1. The uploader writes a file into a virtual folder (for example /inbox). They have permission to upload but not to download, delete, or share — once the file is uploaded, it is out of their reach.
2. An event rule fires on the upload and sends an email to the reviewer with the file path and uploader name.
3. The reviewer opens /inbox and reviews the file (download, preview, etc.). The WebClient is the most convenient interface, but any SFTP, FTP, or WebDAV client works equally well — the reviewer can pick the tool they prefer.
4. The reviewer publishes the file in one of three ways: - Share: creates a share for the file directly from the WebClient. - Push to a remote backend: moves the file to a delivery folder mapped to a remote SFTP, S3, Azure Blob, GCS, or FTP system. - Pull by a partner account: moves the file to a delivery folder also visible to a separate SFTPGo account, used by the partner system for pull via SFTP/FTP/WebDAV.

Once uploaded, the file is read-only from the uploader's perspective — they can see it in the directory listing but cannot download, overwrite, or delete it. The reviewer is the only person who decides whether and how the content leaves the system.

Step 1: Create the Drop Folder

From the WebAdmin, expand Virtual folders and create a new folder named inbox backed by the storage of your choice (local, S3, Azure, GCS, SFTP — any backend works).

This folder will be mounted on both the uploader and reviewer groups so they share the same physical storage.

Step 2: Create the Uploader Group

Create a group named uploaders. In the Virtual folders section, mount the inbox folder at /inbox with quota and ratio set to your needs.

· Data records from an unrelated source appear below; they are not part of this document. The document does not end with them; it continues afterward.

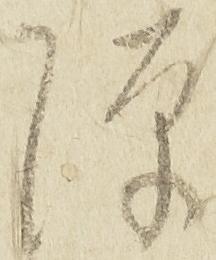
隙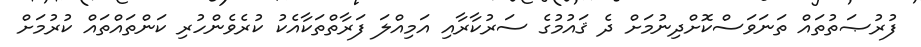
ފުރުޞަތުތައް ތަނަވަސްކޮށްދިނުމަށް ދެ ޤައުމުގެ ސަރުކާރާއި އަމިއްލަ ފަރާތްތަކާއެކު ކުރެވެންހުރި ކަންތައްތައް ކުރުމަށް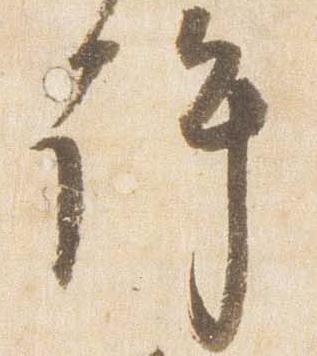
許

In the Permissions section, configure permissions per directory:

Path	Permissions
/inbox	list, upload

The uploader can list /inbox (required for the WebClient to navigate into the folder) and upload new files into it, but cannot download, delete, rename, or overwrite. Files become read-only from the uploader's point of view as soon as the upload completes — they appear in the listing but no further action is possible on them.

In the ACLs section, restrict sharing:

• Web client options: enable shares-disabled.

This prevents uploaders from creating any share, regardless of path. Alternatively, if uploaders should be able to share files outside /inbox (for example from their home directory), set Denied share paths to /inbox instead.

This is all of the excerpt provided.